Il dono del silenzio – L’Eremo di Sant’Onofrio si presenta oggi come una chiesetta rupestre, la cui struttura è in parte ricavata dallo sfruttamento della cavità naturale creata da una massa rocciosa sporgente, come è possibile osservare in altri luoghi di culto di questo genere. Si raggiunge con facilità attraverso un percorso che si snoda nella natura del Parco Nazionale e conduce a circa 725 metri di altitudine. Ad accogliere il fedele o il semplice escursionista, dietro la porta di legno chiusa simbolicamente da una chiave che è sempre nella toppa, è un luogo benedetto dal silenzio.
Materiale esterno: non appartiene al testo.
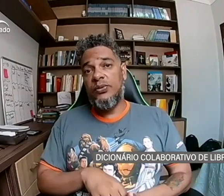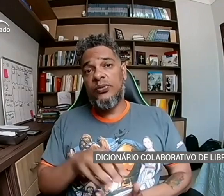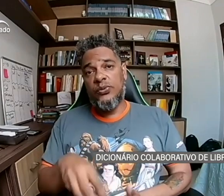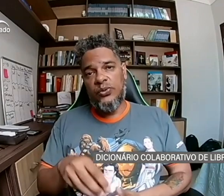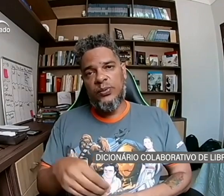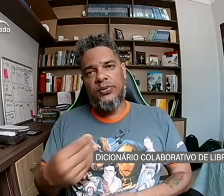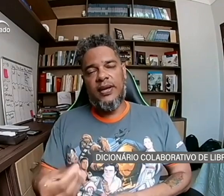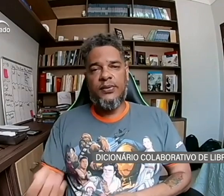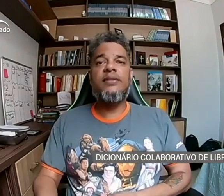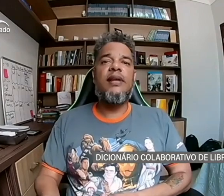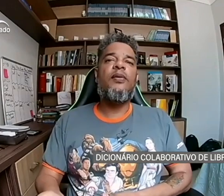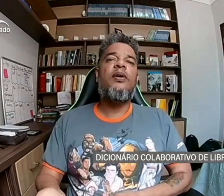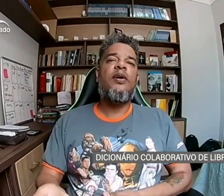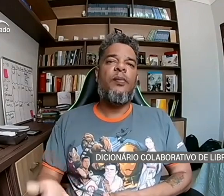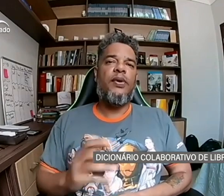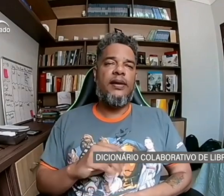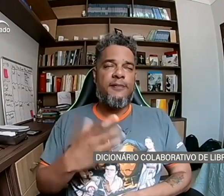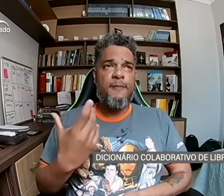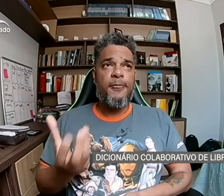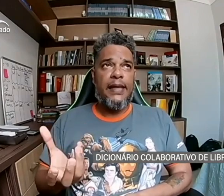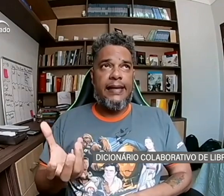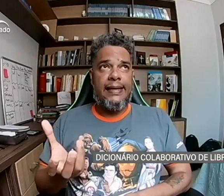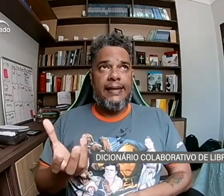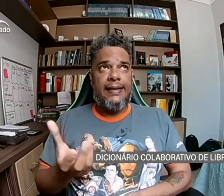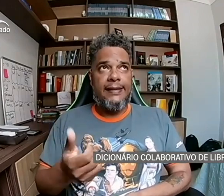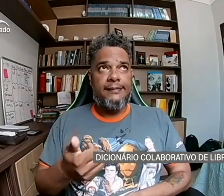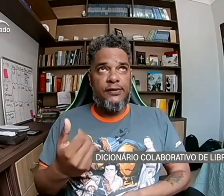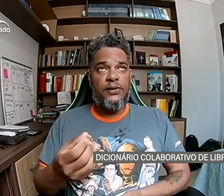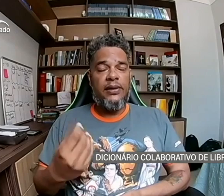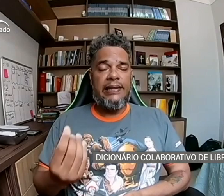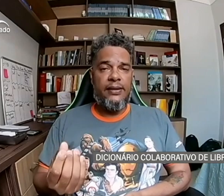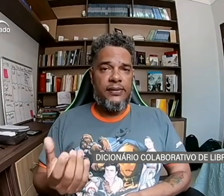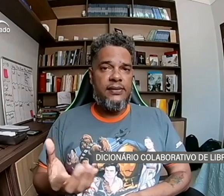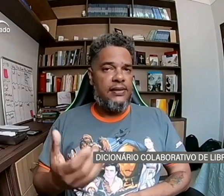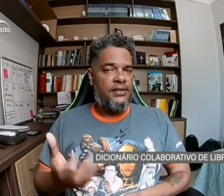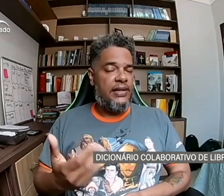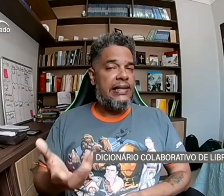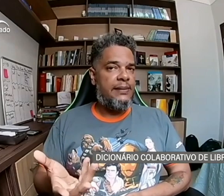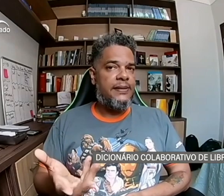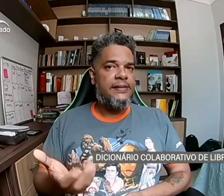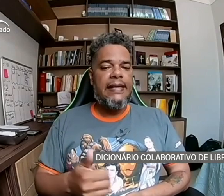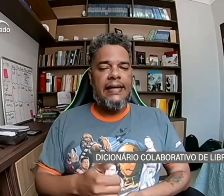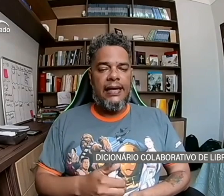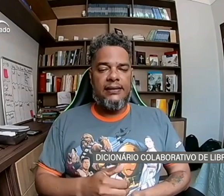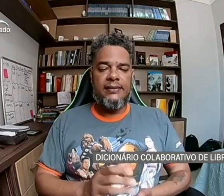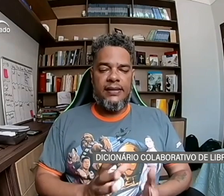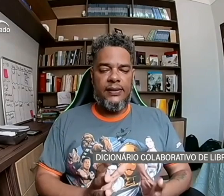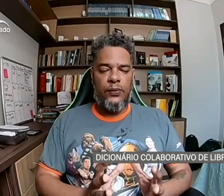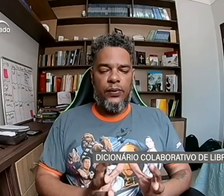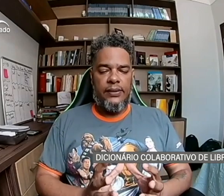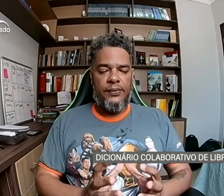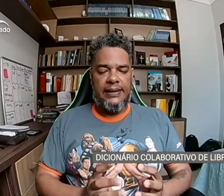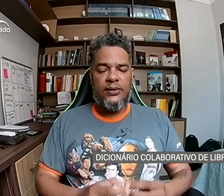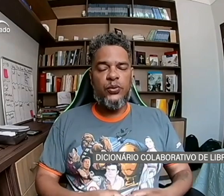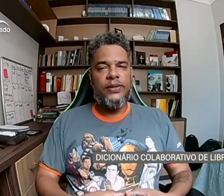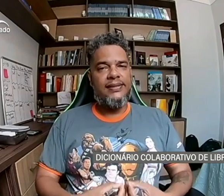surdo buscar o sinal. Porque, devido à língua de sinais, né? A Libras, ela ter uma natureza

Sulla sinistra si trova l’altare, che dà le spalle alla parete rocciosa; ai lati della statua del Santo, dietro le tende, si cela la parte più affascinante dell’eremo: i suoi spazi originari, completamente immersi nell’oscurità di una grotta. In questa area si trova la cosiddetta “Culla di Sant’Onofrio”, una roccia rettangolare in rilievo rispetto al pavimento, dove i fedeli si stendono chiedendo al santo la guarigione dai dolori di pancia e di ossa. Si dice che qui abbiano riposato i primi eremiti benedettini, provenienti dall’Abbazia di San Liberatore, che trascorrevano del tempo nella solitudine della preghiera.
Il “Fuoco di Sant’Onofrio” e la devozione dei serrani – Il Santo anacoreta Onofrio è celebrato ogni anno il 12 giugno. La sera precedente, i suoi devoti accendono una croce luminosa, che sostituisce l’antico rituale di accensione del fuoco, noto con il nome di “Fuoco di Sant’Onofrio. La devozione dei serrani verso il Santo rappresenta il motivo stesso per cui oggi esiste questo piccolo e pacifico luogo. Nel corso dei secoli sono stati infatti i fedeli ad occuparsi di preservare l’eremo e perfino di prestare la propria manodopera volontaria per i lavori di ristrutturazione e di ampliamento, evidenti nell’aspetto delle stanze della parte moderna e della facciata, realizzate nel 1948.